The largest problem I see is actually one of user expectations. The documentation never says configurations will be evaluated in order from top to bottom. And the phrase "The example document is declarative. It describes the desired state, not how to put the system into that state." implies that order may not be maintained. However, commands like winget configure export --all create a configuration document where order matters.
This could easily save hundreds of get calls,* but you would need to be extremely explicit in the docs that order matters, or extremely explicit that config files can be executed out of order.
* Especially if there is ever a V3 "Microsoft.VisualStudio.DSC/VSComponents" adapter
As to the barriers:
- It would certainly require a schema change for both defining key properties and matching rules. For example,
dsc resource schema --resource Microsoft.WinGet/Packageshows there are four different "matchOptions" for a package. Which, to your point, uses "id" instead of "name" - You may wish to re-consider your caching strategy. Using PR #1262 as an example,
dsc -l trace resource export -r Python.Pip/Packageinvokes the schema command 155 times, Turning a 13 second export, with embedded schema, to a 1 minute export!
The largest problem I see is actually one of user expectations. The documentation never says configurations will be evaluated in order from top to bottom.
This is a fair callout - I need to address that on the docs side. For the purposes of this discussion, I'll clarify that:
- By default, DSC invokes resources in the order they are declared in the configuration document.
- If a resource instance uses the
dependsOnfield to declare a dependency on another instance, the dependent instance is always processed after the instance it depends on. - You can define chains of dependence. DSC ensures that dependent instances are always processed after their dependencies, even when an instance depends on multiple instances that themselves depend on other instances.
So while the statement in the documentation is true - the configuration document is declarative, not imperative - it is also true that the default order is determined by the author and the order that the instances are defined. If that order would be invalid (such as for a dependency chain where a dependent resource is declared before its dependency), DSC invokes the resources in the correct order. Of course, it can only determine a "correct" order when the author defines dependency relationships between the instances. If you try to configure SQL Server before you install it without declaring that the configuration depends on the install, the set operation will still fail.
Regarding caching, we haven't implemented generic caching for resource export because there wasn't a compelling reason to do so.

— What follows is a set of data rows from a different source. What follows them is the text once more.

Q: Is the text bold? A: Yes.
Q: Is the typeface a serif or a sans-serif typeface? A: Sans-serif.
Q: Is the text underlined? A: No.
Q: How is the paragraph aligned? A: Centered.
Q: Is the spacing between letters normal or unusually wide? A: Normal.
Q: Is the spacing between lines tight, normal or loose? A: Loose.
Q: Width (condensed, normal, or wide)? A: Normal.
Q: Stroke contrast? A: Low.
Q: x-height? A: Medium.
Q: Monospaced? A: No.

Some resources have implemented their own caching behaviors (such as the PowerShell adapters), but we don't have an API and coherent way for resources to participate in caching data within a dsc process invocation.
I can see a lot of value in using export as a prefetch operation and caching the results for ongoing use - but it certainly requires writing up some spec and creating a public API so that we can ensure resource authors can develop their resources to participate usefully and integrating developers can understand and leverage that cache if they want to.
Sounds like we're on the same page. Nice feature, but lots of work before it can happen. Leaving the issue open, but you could probably drop the "Needs Triage" label.